De acordo com Aldemário Araújo Castro, advogado, mestre em Direito, procurador da Fazenda Nacional e professor da Universidade Católica de Brasília , é preciso registrar, já que o governo e a grande mídia não o fazem, as diferenças dos regimes previdenciários dos servidores públicos e o privado. Confira a análise publicada no Diário do Poder.

 

 

a) As últimas reformas previdenciárias promoveram a convergência dos regimes geral (do trabalhador do setor privado) e próprio (do trabalhador do setor público federal). O teto para pagamento de benefícios é o mesmo. As regras de cálculo da aposentadoria também são as mesmas. Os direitos à paridade e integralidade dos servidores públicos deixaram de existir;

 

b)  o servidor público federal mais antigo, beneficiário dos direitos à paridade e integralidade, paga contribuição previdenciária sobre a totalidade da remuneração percebida (e não sobre o teto do regime geral).
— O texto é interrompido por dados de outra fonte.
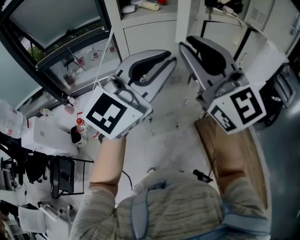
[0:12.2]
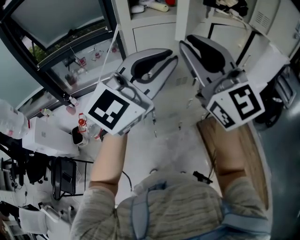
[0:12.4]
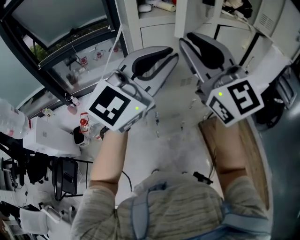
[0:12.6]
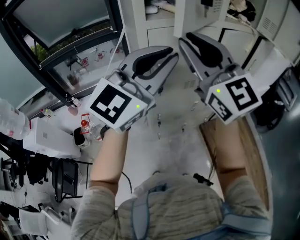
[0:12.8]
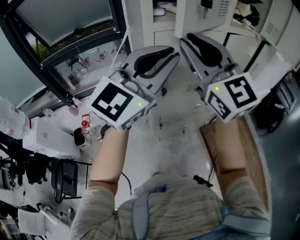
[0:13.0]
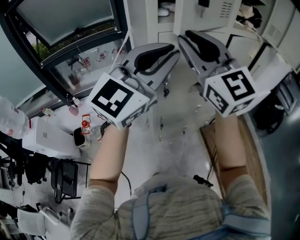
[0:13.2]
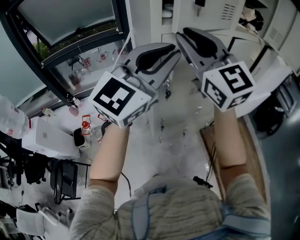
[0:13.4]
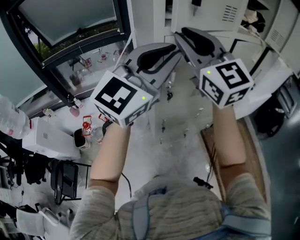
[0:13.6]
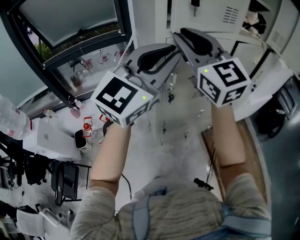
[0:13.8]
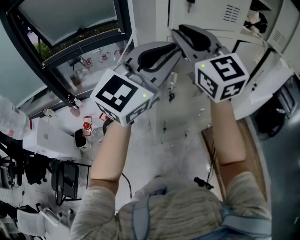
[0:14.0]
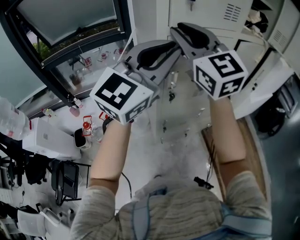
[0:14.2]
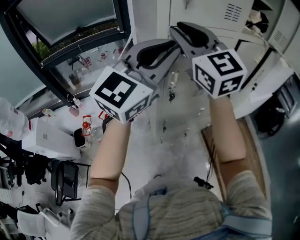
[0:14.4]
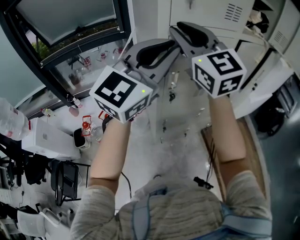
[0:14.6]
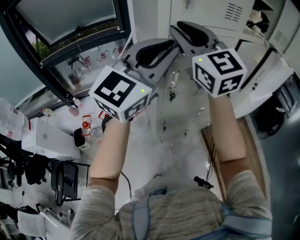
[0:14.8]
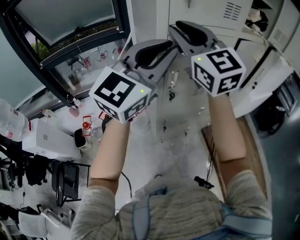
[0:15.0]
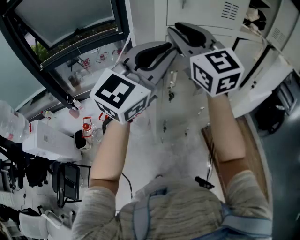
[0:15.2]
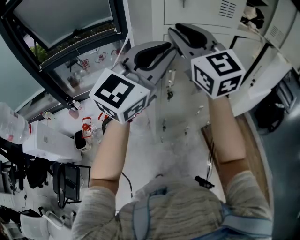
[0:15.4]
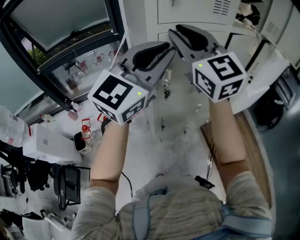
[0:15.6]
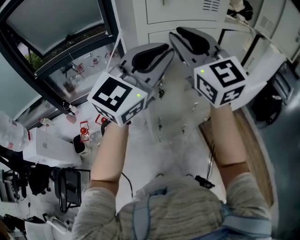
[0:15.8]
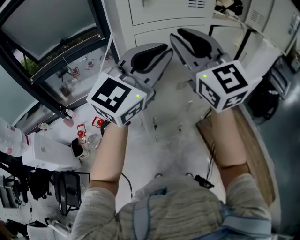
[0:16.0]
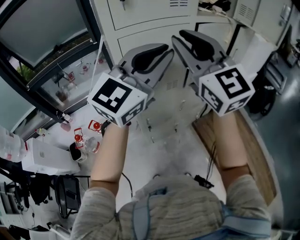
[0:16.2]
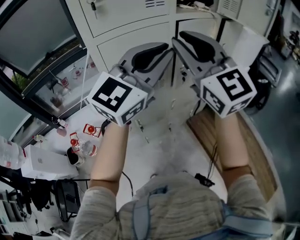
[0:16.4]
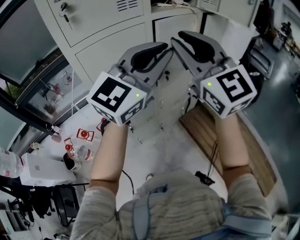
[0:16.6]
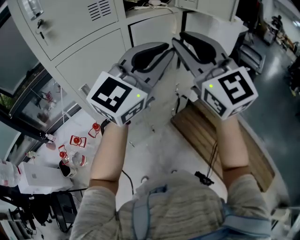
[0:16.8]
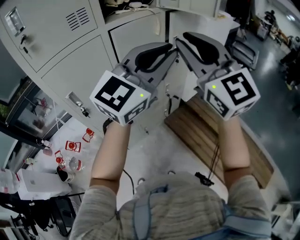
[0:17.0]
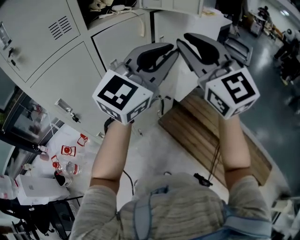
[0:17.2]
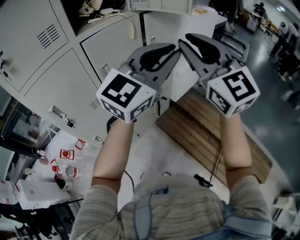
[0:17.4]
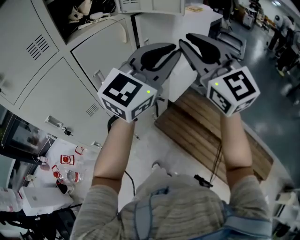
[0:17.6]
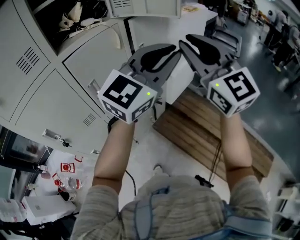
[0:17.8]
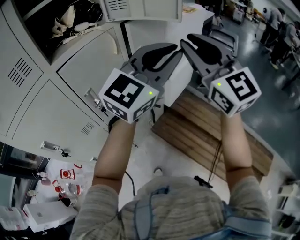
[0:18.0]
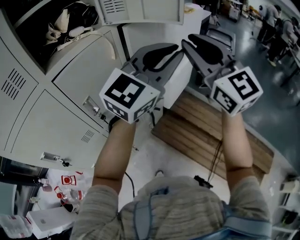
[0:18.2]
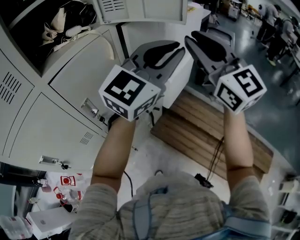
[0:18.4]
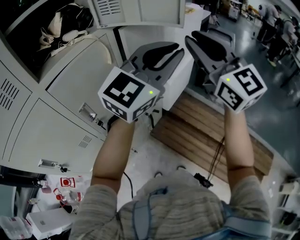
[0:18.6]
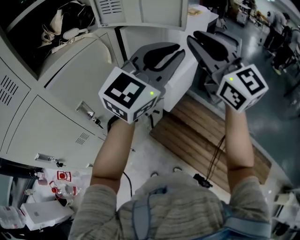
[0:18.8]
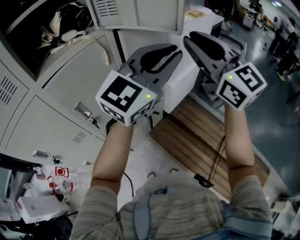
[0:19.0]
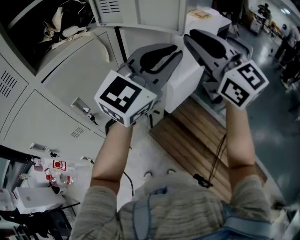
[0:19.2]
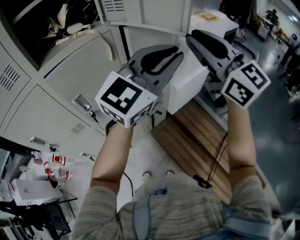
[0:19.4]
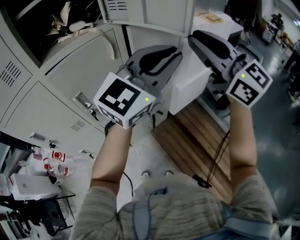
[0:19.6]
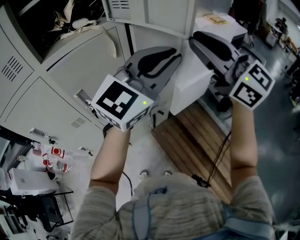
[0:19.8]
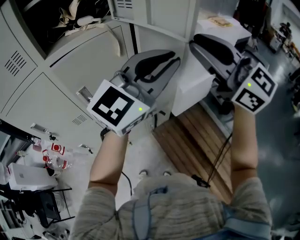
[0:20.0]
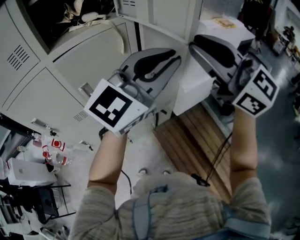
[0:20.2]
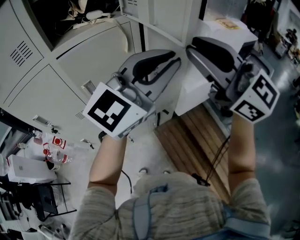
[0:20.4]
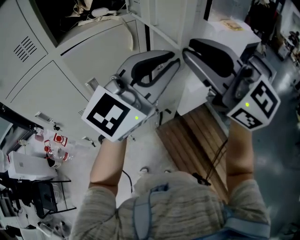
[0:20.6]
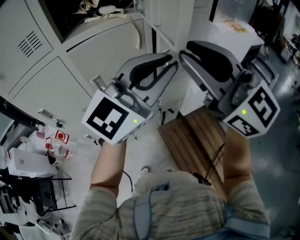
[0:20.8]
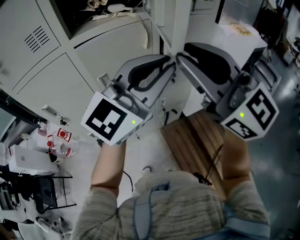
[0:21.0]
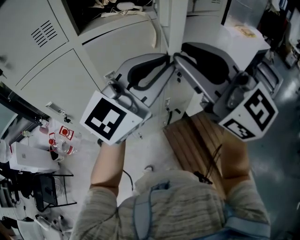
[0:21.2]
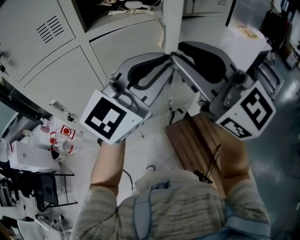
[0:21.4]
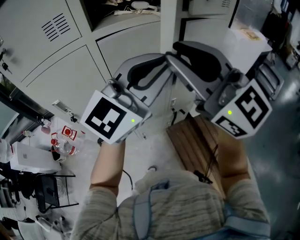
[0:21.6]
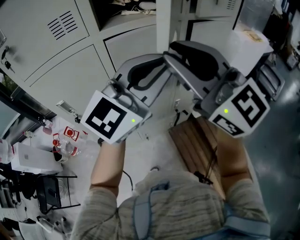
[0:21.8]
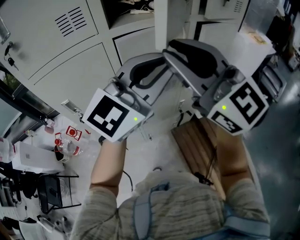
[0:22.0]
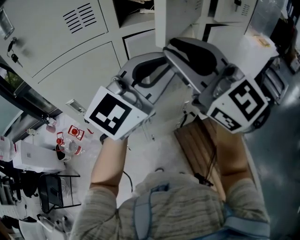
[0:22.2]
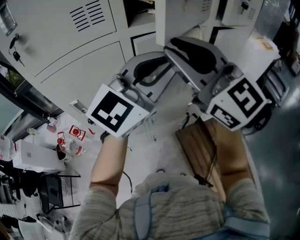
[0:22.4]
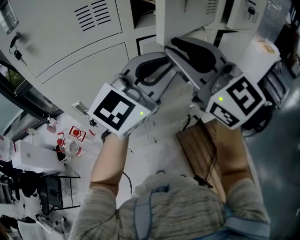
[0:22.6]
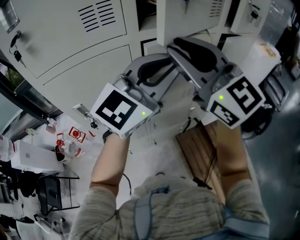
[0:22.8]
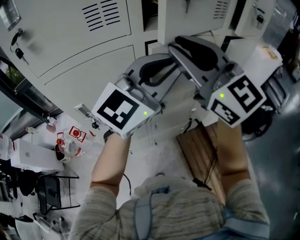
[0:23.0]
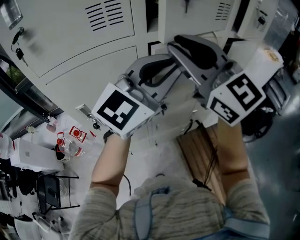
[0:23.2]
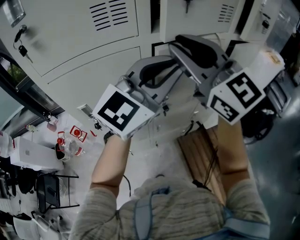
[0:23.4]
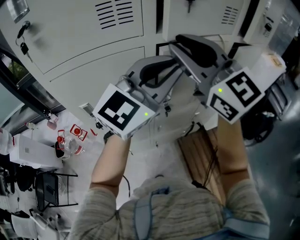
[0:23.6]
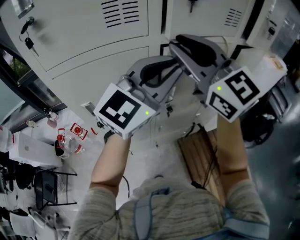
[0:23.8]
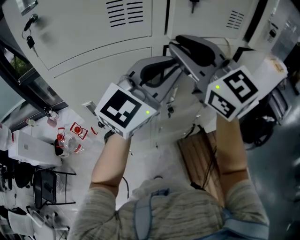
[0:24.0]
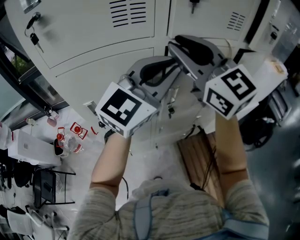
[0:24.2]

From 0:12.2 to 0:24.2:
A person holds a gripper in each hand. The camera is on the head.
From 0:12.2 to 0:13.8: Both grippers move to the left and forward, roughly 15 cm.
From 0:13.8 to 0:15.2: The grippers stay close to where they were, moving slightly.
From 0:15.2 to 0:16.6: Both grippers travel together to the right, roughly 25 cm.
From 0:16.6 to 0:18.2: The grippers both shift to the right and forward by roughly 35 cm. The left gripper swivels about 20 degrees.
From 0:18.2 to 0:19.8: The right gripper moves some 10 cm, and turns by roughly 30 degrees. The left gripper changes place by about 5 cm.
From 0:19.8 to 0:21.2: The left gripper moves to the left, approximately 10 cm. The right gripper travels to the left and backward by approximately 15 cm.
From 0:21.2 to 0:22.6: Both grippers travel together to the left, approximately 15 cm.
From 0:22.6 to 0:24.2: The right gripper travels to the left and forward by some 10 cm. Meanwhile the left gripper goes roughly 5 cm to the left.

Assim, um servidor público com remuneração de 15 mil reais, recolhe mensalmente cerca de 1.650 reais de contribuição previdenciária. Já um trabalhador do setor privado com a mesma remuneração recolhe mensalmente cerca de 608 reais para a previdência social;

 

c) a aposentadoria do servidor público já está submetida a idades mínimas. Com efeito, o homem precisa ter 60 anos de idade e 35 de contribuição e a mulher, 55 anos de idade e 30 de contribuição. Essas definições valem para todos que se tornaram servidores públicos a partir de 1998;

 

d) o servidor público federal inativo e pensionista pagam contribuição para a previdência. Esse recolhimento não existe no regime geral (para o trabalhador do setor privado);

 

e) o servidor público, por ocasião da aposentadoria, não recebe valores depositados em conta do Fundo de Garantia do Tempo de Serviço (FGTS). Já o trabalhador do setor privado saca os valores do FGTS quando da aposentadoria;

 

f) a Emenda Constitucional n. 20, de 1998, ao introduzir o art. 249 no texto da Constituição, estabeleceu a possibilidade de criação de fundos para assegurar recursos para o pagamento de proventos de aposentadoria e pensões concedidas aos respectivos servidores e seus dependentes. A União não criou esse fundo e deixa, por consequência, de fazer os aportes de sua responsabilidade.